Render AWT/Swing components — and JavaFX (Node/JFXPanel) — in notebooks, both statically and interactively.

What's included

  • Static snapshot. Any java.awt.Component renders as a PNG via display(component) or a bare component expression — it's painted off-screen into a BufferedImage and reuses the existing Image pipeline. Headless-safe (no native window is created).
  • Interactive. displayInteractive(component) streams PNG frames of the component over a kernel-opened Jupyter comm and dispatches mouse/keyboard events back into it. Frames are coalesced (~30 fps) with duplicate-frame suppression, and a custom RepaintManager streams asynchronous repaints (animation timers, model changes).
  • JavaFX, same pipeline. Pass a javafx.scene.Node (auto-wrapped) or a JFXPanel to displayInteractive(...). JavaFX is an optional, user-supplied dependency (e.g. via %maven) and is handled reflectively, so jjava-jupyter keeps no compile/link dependency on it.
  • Graceful fallback. The interactive output also carries a static image/png, so frontends without the extension (or non-Lab frontends) show a still image instead of an error. Notebooks that never use Swing are unaffected — AWT is not initialized until a component is actually rendered.
  • JupyterLab 4 extension under jupyterlab-extension/ (package jjava-swing): a mime renderer that mounts a <canvas> for the custom MIME type plus a notebook plugin that registers the comm target, draws streamed frames, and forwards events.

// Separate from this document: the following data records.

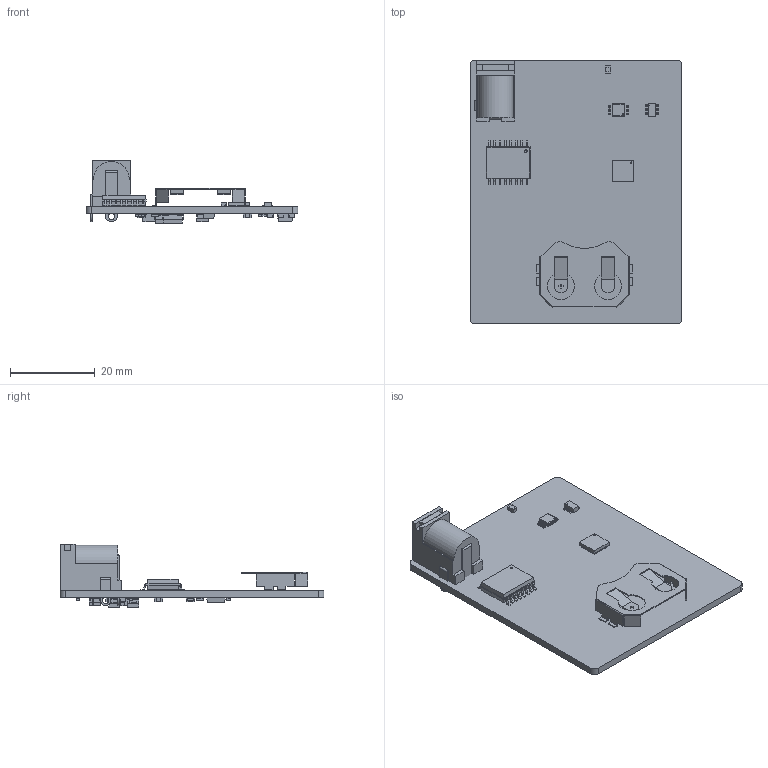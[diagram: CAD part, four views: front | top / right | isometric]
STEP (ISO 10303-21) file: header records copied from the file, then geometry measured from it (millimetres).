
FILE_DESCRIPTION(('Open CASCADE Model'),'2;1');
FILE_NAME('Open CASCADE Shape Model','2023-08-31T14:42:27',('Author'),( 'Open CASCADE'),'Open CASCADE STEP processor 7.5','Open CASCADE 7.5' ,'Unknown');
FILE_SCHEMA(('AUTOMOTIVE_DESIGN { 1 0 10303 214 1 1 1 1 }'));
Length unit declared in the file: millimetre
Products named in the file (45): PCB; Board; Open CASCADE STEP translator 7.5 1.1.1; U2; 6374241840; U1; MSP430G2x53_QFN; R8; res_0603; R7; R6; R5; R4; R3; R2; R1; MOSFET1; 6169808432; J3; 6374237600; PJ-002B; IC1; 6374242640; D3; 6374246720; D2; D1; 6374240720; Cap3; Cap_B_3528_Tan; mold-B2; flame-B2; Cap2; Cap1; C8; Cap_0805; C7; C6; C5; C4 ...
Assembly tree (62 placements, depth 4):
  PCB
    Board
      Open CASCADE STEP translator 7.5 1.1.1
    U2
      6374241840
    U1
      MSP430G2x53_QFN
    R8
      res_0603
    R7
      res_0603
    R6
      res_0603
    R5
      res_0603
    R4
      res_0603
    R3
      res_0603
    R2
      res_0603
    R1
      res_0603
    MOSFET1
      6169808432
    J3
      6374237600
        PJ-002B
    IC1
      6374242640
    D3
      6374246720
    D2
      6374246720
    D1
      6374240720
    Cap3
      Cap_B_3528_Tan
        mold-B2
        flame-B2  x2
    Cap2
      Cap_B_3528_Tan
        mold-B2
        flame-B2  x2
    Cap1
      Cap_B_3528_Tan
        mold-B2
        flame-B2  x2
    C8
      Cap_0805
    C7
      Cap_0805
    C6
      Cap_0805
    C5
      Cap_0805
    C4
      Cap_0805
    C3
      Cap_0805
Bounding box: 50 x 62.25 x 15.06 mm (x, y, z)
Volume: 6665.4 mm3; surface area: 9513.7 mm2
Topology: 152 solids, 152 shells, 2160 faces, 5180 edges, 3258 vertices
Faces by surface type: plane 1445, cylinder 637, sphere 72, bspline 4, cone 2
Full cylindrical faces by diameter (mm): 0.085 x1
Entity records: 42433 total; most frequent: CARTESIAN_POINT 7020, DIRECTION 6606, ORIENTED_EDGE 6478, EDGE_CURVE 3239, LINE 2566, VECTOR 2566, VERTEX_POINT 2100, AXIS2_PLACEMENT_3D 2020
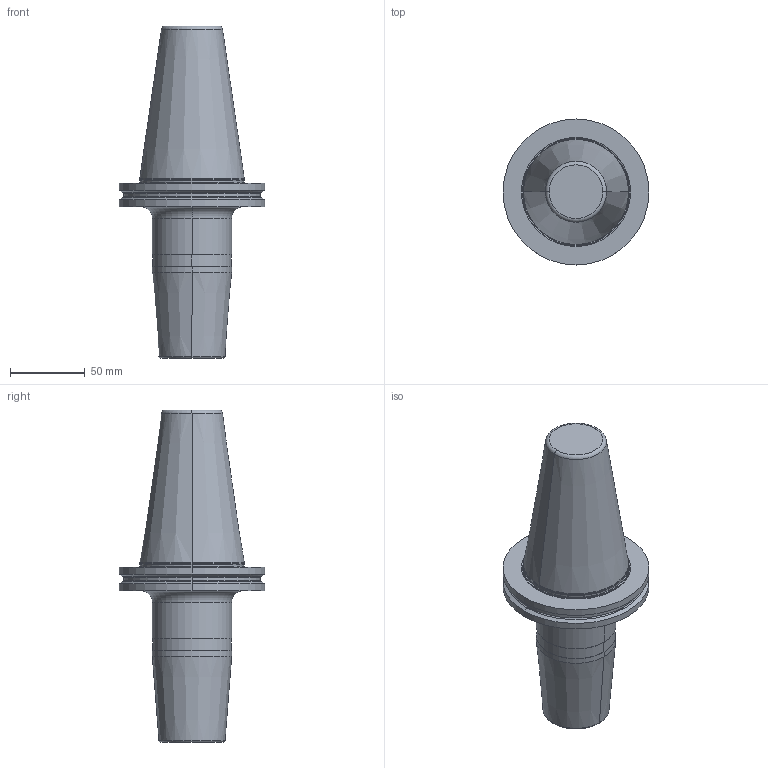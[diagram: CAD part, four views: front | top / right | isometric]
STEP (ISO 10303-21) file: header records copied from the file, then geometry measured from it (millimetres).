
FILE_DESCRIPTION((''),'2;1');
FILE_NAME('607516504-000-00-E43','2021-02-09T07:48:22',('liebchenm'),(''),'CREO PARAMETRIC BY PTC INC, 2019030','CREO PARAMETRIC BY PTC INC, 2019030','');
FILE_SCHEMA(('AP242_MANAGED_MODEL_BASED_3D_ENGINEERING_MIM_LF { 1 0 10303 442 1 1 4 }'));
Length unit declared in the file: millimetre
Products named in the file (1): 607516504-000-00-E43
Bounding box: 97.5 x 97.5 x 221.75 mm (x, y, z)
Volume: 549586.6 mm3; surface area: 55988.7 mm2
Topology: 1 solids, 1 shells, 58 faces, 114 edges, 66 vertices
Faces by surface type: cylinder 18, torus 18, cone 12, plane 10
Entity records: 2466 total; most frequent: DIRECTION 329, CARTESIAN_POINT 249, ORIENTED_EDGE 228, AXIS2_PLACEMENT_3D 148, PRESENTATION_STYLE_ASSIGNMENT 121, STYLED_ITEM 121, CURVE_STYLE 120, EDGE_CURVE 114

Plus example notebooks for Swing and JavaFX.
  • Tests (headless): click → ActionListener, typing → JTextField, frame streaming on bind, duplicate-frame skip, and the static-fallback bundle.

Design notes

  • Off-screen rendering keeps Swing headless-safe.
  • Keyboard is delivered via KeyboardFocusManager.redispatchEvent (Swing) and Event.fireEvent into the focused FX node (JavaFX), because synthetic key events would otherwise be swallowed off-screen (no Java window holds focus).
  • A JFXPanel-containing tree is hosted in an off-screen displayable window so its input can be coordinate-mapped.
  • Adds a CommManager.openComm(target, data, factory) overload so the kernel-initiated comm_open can carry a correlation token.

Limitations

Synthetic off-screen dispatch covers custom-painted panels, charts, buttons, text fields, tables, etc., but not features needing their own native windows or the real lightweight dispatcher: tooltips, popup menus, combo-box dropdowns, drag-and-drop, some focus-traversal edge cases. JavaFX additionally needs a display (or Monocle on a headless server) and modifications to the kernel.json to tell Javafx to run headless.

Try it

mvn clean package
cd jupyterlab-extension && npm install && npm run build && jupyter labextension develop --overwrite .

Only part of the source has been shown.